## WHAT YOU NEED TO DO:
Your task is to find every line of the data that holds the string "outdoors" and copy it.

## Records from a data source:
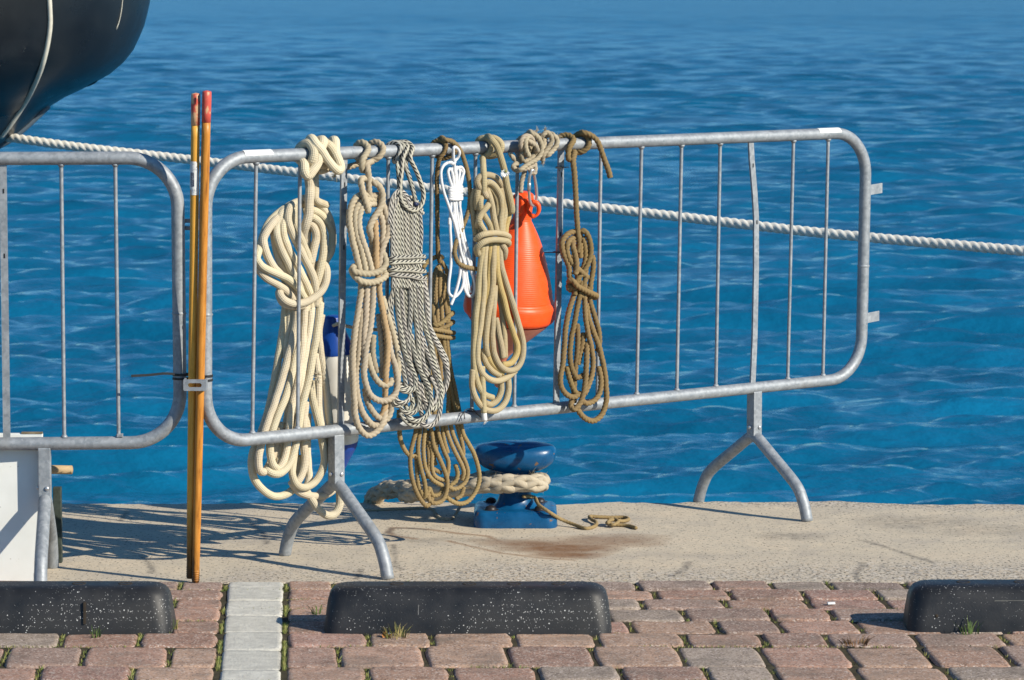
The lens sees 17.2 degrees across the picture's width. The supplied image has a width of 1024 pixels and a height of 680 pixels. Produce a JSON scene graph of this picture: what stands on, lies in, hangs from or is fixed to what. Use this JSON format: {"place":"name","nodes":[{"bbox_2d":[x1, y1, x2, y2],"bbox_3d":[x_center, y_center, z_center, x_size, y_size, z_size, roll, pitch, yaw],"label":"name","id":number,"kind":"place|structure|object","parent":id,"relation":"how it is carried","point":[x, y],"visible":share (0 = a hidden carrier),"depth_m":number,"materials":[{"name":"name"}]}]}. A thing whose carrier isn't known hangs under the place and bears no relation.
{"place":"outdoors","nodes":[
{"label":"outdoors","id":0,"kind":"place"},
{"bbox_2d":[0,0,1023,504],"bbox_3d":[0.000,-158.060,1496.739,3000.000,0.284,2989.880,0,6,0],"label":"water","id":1,"kind":"structure","parent":0,"point":[922,100],"depth_m":35.21,"materials":[{"name":"blue liquid"}]},
{"bbox_2d":[0,0,149,148],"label":"moored boat","id":2,"kind":"object","parent":1,"relation":"on","point":[52,52],"visible":1,"depth_m":12.71,"materials":[{"name":"plastic"}]},
{"bbox_2d":[5,134,1023,255],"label":"mooring rope","id":3,"kind":"object","parent":2,"relation":"attached to","point":[906,240],"visible":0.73,"depth_m":12.05,"materials":[{"name":"white fabric"}]},
{"bbox_2d":[0,581,1023,679],"bbox_3d":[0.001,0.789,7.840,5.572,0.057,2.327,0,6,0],"label":"paving","id":4,"kind":"structure","parent":0,"point":[744,620],"depth_m":8.12,"materials":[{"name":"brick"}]},
{"bbox_2d":[0,581,175,635],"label":"wheel stop","id":5,"kind":"object","parent":4,"relation":"on","point":[61,608],"visible":1,"depth_m":8.28,"materials":[{"name":"black rubber"}]},
{"bbox_2d":[89,625,102,637],"bbox_3d":[-1.014,0.709,8.229,0.038,0.033,0.038,-5,8,-36],"label":"grass tuft","id":6,"kind":"object","parent":4,"relation":"on","point":[96,635],"visible":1,"depth_m":8.23,"materials":[{"name":"green plant"}]},
{"bbox_2d":[186,93,199,578],"bbox_3d":[-0.836,-0.001,8.851,0.024,1.296,0.162,-2,6,-18],"label":"wooden pole","id":7,"kind":"object","parent":4,"relation":"on","point":[194,205],"visible":1,"depth_m":8.83,"materials":[{"name":"brown wood"}]},
{"bbox_2d":[191,90,211,582],"bbox_3d":[-0.814,0.000,8.843,0.024,1.310,0.151,-3,7,-25],"label":"wooden pole","id":8,"kind":"object","parent":4,"relation":"on","point":[203,250],"visible":1,"depth_m":8.83,"materials":[{"name":"brown wood"}]},
{"bbox_2d":[220,582,283,679],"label":"parking line","id":9,"kind":"object","parent":4,"relation":"on","point":[252,643],"visible":0.98,"depth_m":8.30,"materials":[{"name":"white paint"}]},
{"bbox_2d":[307,605,321,614],"bbox_3d":[-0.496,0.679,8.510,0.029,0.032,0.042,5,8,36],"label":"grass tuft","id":10,"kind":"object","parent":4,"relation":"on","point":[320,609],"visible":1,"depth_m":8.51,"materials":[{"name":"green plant"}]},
{"bbox_2d":[381,624,410,639],"bbox_3d":[-0.282,0.708,8.216,0.081,0.038,0.078,2,6,16],"label":"grass tuft","id":11,"kind":"object","parent":4,"relation":"on","point":[397,634],"visible":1,"depth_m":8.22,"materials":[{"name":"plant"}]},
{"bbox_2d":[324,581,611,635],"bbox_3d":[-0.108,0.659,8.342,0.708,0.116,0.165,0,6,0],"label":"wheel stop","id":12,"kind":"object","parent":4,"relation":"on","point":[435,608],"visible":1,"depth_m":8.27,"materials":[{"name":"black rubber"}]},
{"bbox_2d":[0,579,1010,679],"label":"moss","id":13,"kind":"object","parent":4,"relation":"on","point":[284,651],"visible":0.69,"depth_m":8.12,"materials":[{"name":"green plant"}]},
{"bbox_2d":[830,634,875,646],"bbox_3d":[0.831,0.723,8.131,0.111,0.027,0.106,5,8,41],"label":"grass tuft","id":14,"kind":"object","parent":4,"relation":"on","point":[865,641],"visible":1,"depth_m":8.13,"materials":[{"name":"plant"}]},
{"bbox_2d":[903,579,1023,633],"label":"wheel stop","id":15,"kind":"object","parent":4,"relation":"on","point":[945,606],"visible":1,"depth_m":8.30,"materials":[{"name":"black rubber"}]},
{"bbox_2d":[958,617,982,634],"bbox_3d":[1.110,0.702,8.246,0.073,0.044,0.068,-5,8,-38],"label":"grass tuft","id":16,"kind":"object","parent":4,"relation":"on","point":[970,631],"visible":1,"depth_m":8.26,"materials":[{"name":"green plant"}]},
{"bbox_2d":[47,501,1023,583],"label":"quay","id":17,"kind":"structure","parent":0,"point":[778,542],"depth_m":9.58,"materials":[{"name":"concrete"}]},
{"bbox_2d":[0,432,72,580],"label":"white board","id":18,"kind":"object","parent":17,"relation":"on","point":[19,495],"visible":0.72,"depth_m":8.97,"materials":[{"name":"paint"}]},
{"bbox_2d":[0,151,198,580],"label":"crowd barrier","id":19,"kind":"object","parent":17,"relation":"on","point":[46,550],"visible":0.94,"depth_m":8.88,"materials":[{"name":"metal"}]},
{"bbox_2d":[131,372,212,377],"bbox_3d":[-0.897,0.089,8.895,0.216,0.015,0.085,-1,6,-10],"label":"cable tie","id":20,"kind":"object","parent":19,"relation":"attached to","point":[164,373],"visible":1,"depth_m":8.86,"materials":[{"name":"black plastic"}]},
{"bbox_2d":[172,377,212,381],"bbox_3d":[-0.842,0.103,8.906,0.118,0.006,0.038,3,7,24],"label":"cable tie","id":21,"kind":"object","parent":19,"relation":"attached to","point":[209,380],"visible":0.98,"depth_m":8.90,"materials":[{"name":"black plastic"}]},
{"bbox_2d":[363,506,461,519],"bbox_3d":[-0.286,0.506,10.142,0.337,0.032,0.151,4,7,32],"label":"grey line","id":22,"kind":"object","parent":17,"relation":"on","point":[417,508],"visible":0.93,"depth_m":10.18,"materials":[{"name":"fabric"}]},
{"bbox_2d":[473,440,556,528],"bbox_3d":[0.010,0.419,9.955,0.246,0.247,0.234,0,6,0],"label":"mooring bollard","id":23,"kind":"object","parent":17,"relation":"on","point":[514,509],"visible":0.81,"depth_m":9.88,"materials":[{"name":"blue metal"}]},
{"bbox_2d":[363,470,550,503],"bbox_3d":[-0.238,0.609,10.126,0.812,0.523,0.263,5,8,39],"label":"mooring hawser","id":24,"kind":"object","parent":23,"relation":"attached to","point":[493,482],"visible":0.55,"depth_m":9.89,"materials":[{"name":"beige fabric"}]},
{"bbox_2d":[183,127,881,579],"bbox_3d":[0.122,-0.001,9.639,2.559,1.153,0.516,-5,8,-38],"label":"crowd barrier","id":25,"kind":"object","parent":17,"relation":"on","point":[341,429],"visible":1,"depth_m":9.63,"materials":[{"name":"metal"}]},
{"bbox_2d":[248,134,344,519],"bbox_3d":[-0.561,-0.025,9.085,0.307,1.060,0.140,-4,8,-35],"label":"rope coil","id":26,"kind":"object","parent":25,"relation":"hanging from","point":[284,458],"visible":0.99,"depth_m":9.09,"materials":[{"name":"beige fabric"}]},
{"bbox_2d":[322,314,376,468],"bbox_3d":[-0.446,0.150,9.294,0.193,0.442,0.136,2,6,18],"label":"boat fender","id":27,"kind":"object","parent":25,"relation":"hanging from","point":[330,334],"visible":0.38,"depth_m":9.25,"materials":[{"name":"white plastic"}]},
{"bbox_2d":[346,139,401,438],"bbox_3d":[-0.388,-0.138,9.161,0.186,0.813,0.113,-5,8,-38],"label":"rope coil","id":28,"kind":"object","parent":25,"relation":"hanging from","point":[372,259],"visible":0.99,"depth_m":9.13,"materials":[{"name":"beige fabric"}]},
{"bbox_2d":[385,140,449,428],"bbox_3d":[-0.264,-0.150,9.243,0.226,0.795,0.104,-3,7,-29],"label":"rope coil","id":29,"kind":"object","parent":25,"relation":"hanging from","point":[408,295],"visible":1,"depth_m":9.21,"materials":[{"name":"grey fabric"}]},
{"bbox_2d":[396,135,481,507],"bbox_3d":[-0.185,-0.046,9.383,0.298,1.050,0.107,-4,7,-34],"label":"rope coil","id":30,"kind":"object","parent":25,"relation":"hanging from","point":[432,441],"visible":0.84,"depth_m":9.41,"materials":[{"name":"brown fabric"}]},
{"bbox_2d":[439,146,475,304],"bbox_3d":[-0.148,-0.318,9.330,0.039,0.444,0.132,4,7,33],"label":"rope coil","id":31,"kind":"object","parent":25,"relation":"hanging from","point":[455,189],"visible":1,"depth_m":9.32,"materials":[{"name":"white fabric"}]},
{"bbox_2d":[458,408,481,421],"bbox_3d":[-0.126,0.207,9.436,0.041,0.035,0.086,6,8,43],"label":"cable tie","id":32,"kind":"object","parent":25,"relation":"attached to","point":[469,411],"visible":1,"depth_m":9.43,"materials":[{"name":"black plastic"}]},
{"bbox_2d":[469,133,525,423],"bbox_3d":[-0.040,-0.167,9.402,0.160,0.814,0.127,0,6,0],"label":"rope coil","id":33,"kind":"object","parent":25,"relation":"hanging from","point":[490,251],"visible":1,"depth_m":9.38,"materials":[{"name":"beige fabric"}]},
{"bbox_2d":[463,191,554,387],"bbox_3d":[-0.006,-0.144,9.656,0.266,0.573,0.266,0,6,0],"label":"mooring buoy","id":34,"kind":"object","parent":25,"relation":"hanging from","point":[536,305],"visible":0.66,"depth_m":9.56,"materials":[{"name":"orange plastic"}]},
{"bbox_2d":[508,126,561,192],"bbox_3d":[0.058,-0.510,9.489,0.174,0.189,0.089,-6,9,-44],"label":"knotted rope","id":35,"kind":"object","parent":25,"relation":"attached to","point":[532,152],"visible":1,"depth_m":9.45,"materials":[{"name":"beige fabric"}]},
{"bbox_2d":[527,169,537,206],"bbox_3d":[0.058,-0.428,9.496,0.024,0.112,0.083,1,6,10],"label":"carabiner","id":36,"kind":"object","parent":35,"relation":"hanging from","point":[529,187],"visible":1,"depth_m":9.48,"materials":[{"name":"metal"}]},
{"bbox_2d":[558,129,612,423],"bbox_3d":[0.191,-0.178,9.627,0.194,0.843,0.100,-5,8,-40],"label":"rope coil","id":37,"kind":"object","parent":25,"relation":"hanging from","point":[579,244],"visible":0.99,"depth_m":9.60,"materials":[{"name":"brown fabric"}]},
{"bbox_2d":[522,495,637,529],"bbox_3d":[0.197,0.495,9.927,0.338,0.096,0.217,0,6,0],"label":"tan line","id":38,"kind":"object","parent":17,"relation":"on","point":[619,520],"visible":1,"depth_m":9.88,"materials":[{"name":"fabric"}]}
]}

## ANSWER FOR THIS EXERCISE:
{"place":"outdoors","nodes":[
{"label":"outdoors","id":0,"kind":"place"},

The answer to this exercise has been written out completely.